4) There are also brakes. When you are within 1 percent of only have 10% of your global RID space left you get warned and there is also an artificial ceiling so that you can fix whatever is chewing up your RIDs before you are out.
In short good RID(ance I mean issuance).
Wednesday, November 13, 2013
So in 1 hr and 20 min I will present on
November 13, 2013 21:00 UTC
See when this is in your timezone
Impact of deprecated features.This session will go over various deprecated features that the FIM product group have announced are to be eliminated in future releases, such as XMA v1 (ECMA v1), transaction properties, multi-mastery and equal precedence, with advice on planning for and working around their future absence.
Friday, October 4, 2013
If one of your AD domains has a NetBios domain name that doesn't match the leftmost part of your FQDN you need to have the Replicating Directory Changes permission given to your AD MA account. This is documented in a few places including my book. However, DirSync misses this step. Normally, Dirsync does a very good job of installing and configuring everything which you need without needing you to be an expert in FIM, but this is one thing it misses.

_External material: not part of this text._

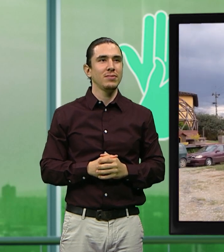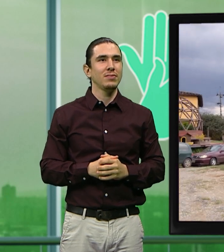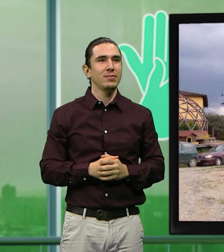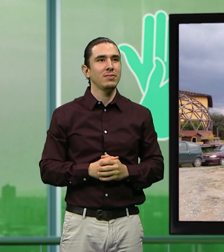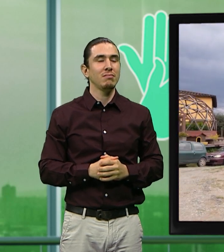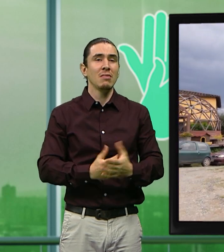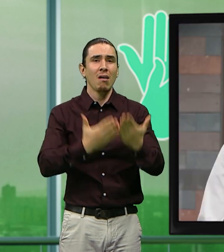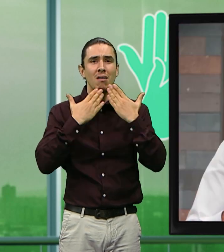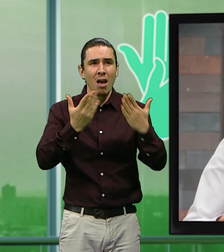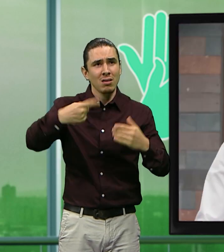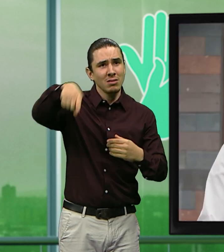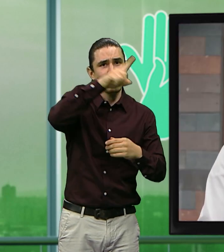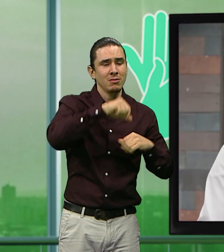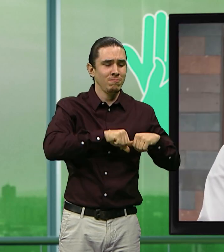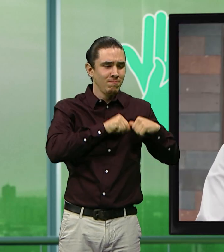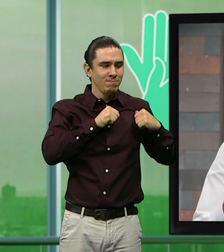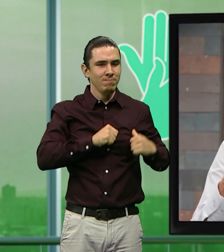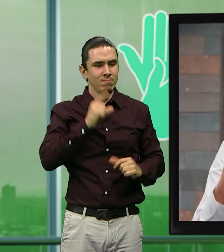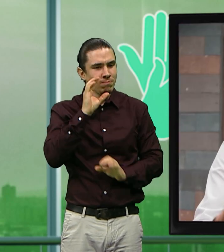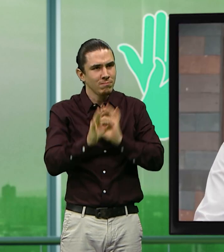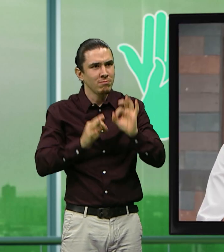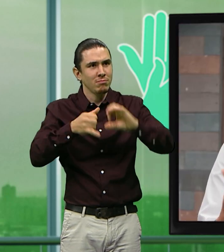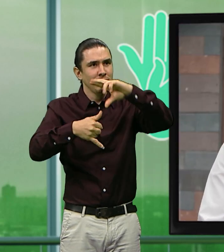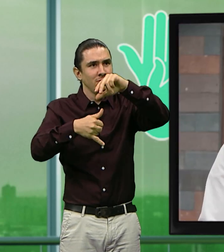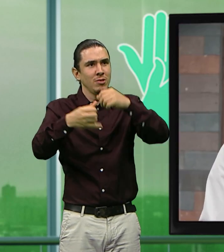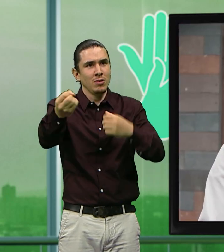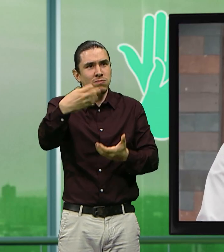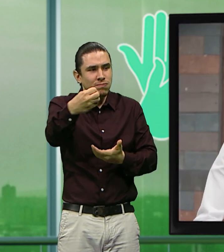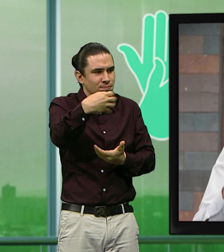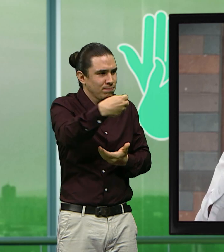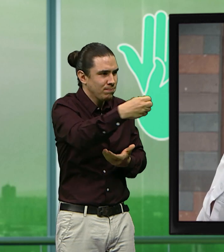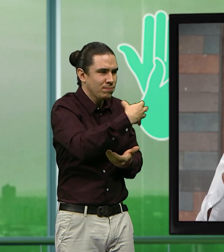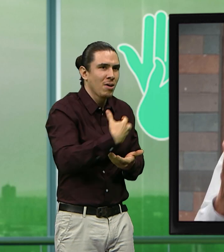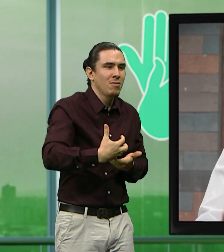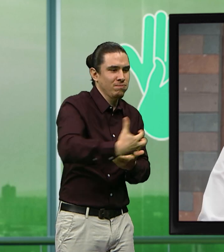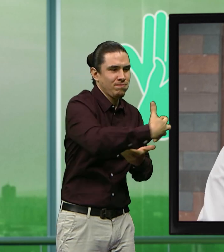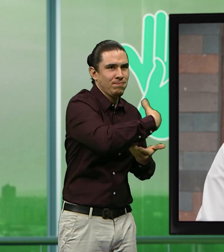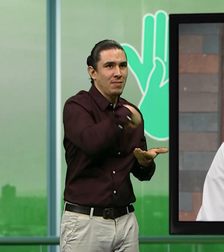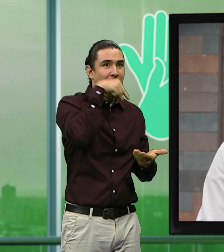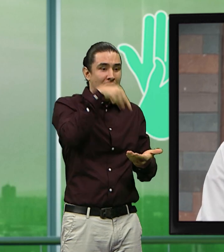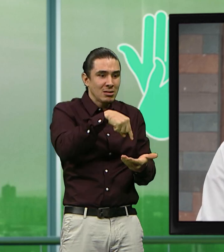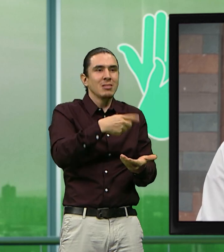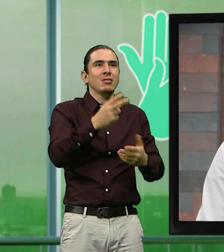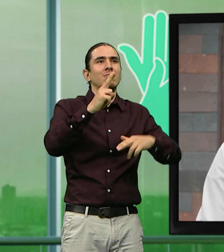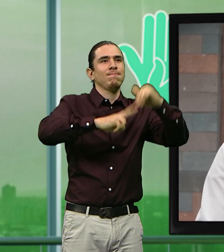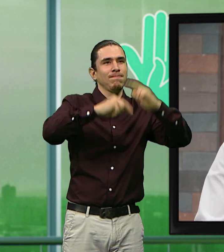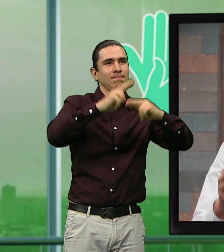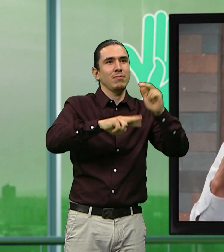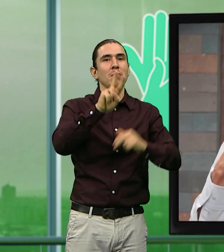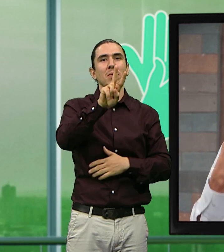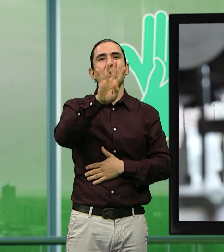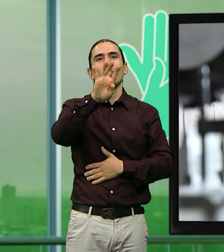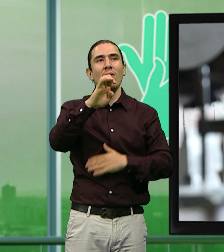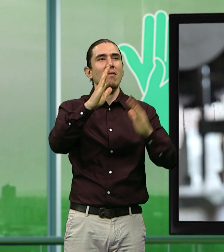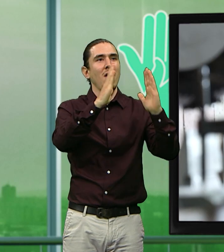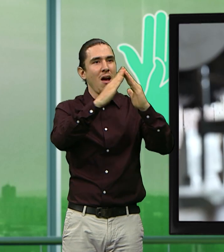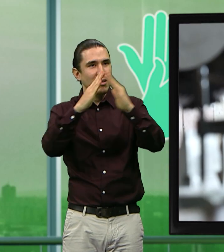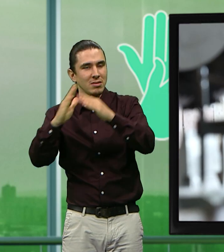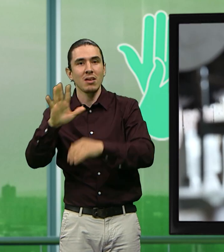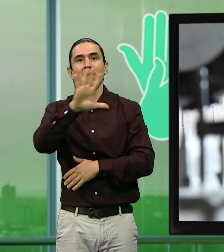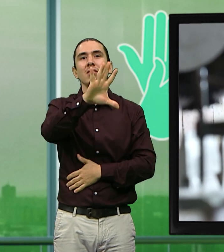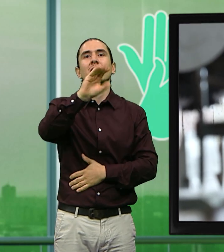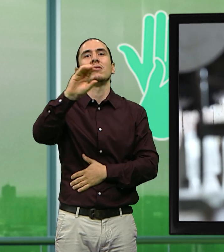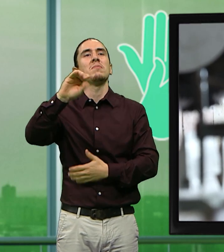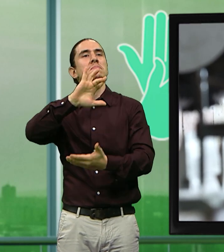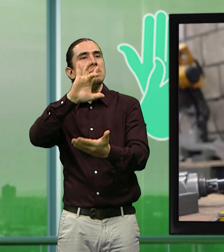Gracias a esa labor que vamos construyendo cada día, a la entrega de 29 viviendas, más de 500 parques

For Example if the FQDN is Exchange.loc but the netbios name of the domain was Snappy then you would use this command to solve the issue
DSACLS "CN=Configuration,dc=exchange,dc=loc" /G "exchange\Grp_DirChanges:CA;Replicating Directory Changes;"
Michael Pearn from down under wrote about his experience trying to use just Declarative Sync Rules
His experience -- especially the religious debates are similar to my own. It made me recall my presentation at TEC 2012 the FIM 2010 R2 Showdown: Classic vs. Declarative
The vast majority of old hands at the presentation declared for Classic both before and after the presentation. During the presentation I attempted to view anything you could do without code as declarative whether it came from a sync rule or not, especially if it was a new feature. But the crowd wouldn't let me claim anything configured in the sync engine as declarative. But in this post only classic code counts as not declarative.
Michael found that he needed classic code for Advance Join rules, doing anything with multi-valued attributes other than just flowing them and "Converting Binary values to ISO8601 Datetime." In his example he could have modified his SQL query that gets the data from HR and avoided the need for the Advanced Join rule.
In addition to Michael's list here are some other things that you may need classic code to do:
- Advanced Filtering scenario to cause disconnections
- Changing the Metaverse object type when a connector joins to it
- Join Resolution Rules
- Manual Precedence Import Flows
- Provision objects with Auxiliary classes
- Decide on a case by case basis whether to deprovision as a Disconnector, Explicit Disconnector or just delete the object.
But what does the FIM Sync engine bring us beyond what we had in ILM 2007 FP1?
- A lot less need for MVDeletion rules extension since we can indicate that disconnection from any of a list of MA's should trigger MV Deletion or if it is disconnected from all MA's (but ignore this one and that one)
- Many, many attribute transformations can be done with Sync Rules and don't need code
- A way to do fairly sophisticated provisioning logic without code (Transition Sets, MPRs, Workflows, OutBound Sync Rules)
- R2: A way to do some basic provisioning logic with filter based Outbound Sync rules that performs pretty decently and doesn't require a detour through the FIM Service
- New ways to trigger deprovisioning (Transition Sets, MPRs, Workflows, OutBound Sync Rules)
- OU creation w/o code (That sure is nice and no worried about the OU being a connector to the MV object that first needed it)
- DN Rename w/o code (also very nice)
In my presentation I contrasted the new sync rules with the classic config and code:
Finally here were my recommendations that many disagreed with but it sounds like Michael would agree:
There are some high volume scenarios where sync rules are too slow and there are still some customers that get all they want out the classic sync engine and don't want to pay for CALs.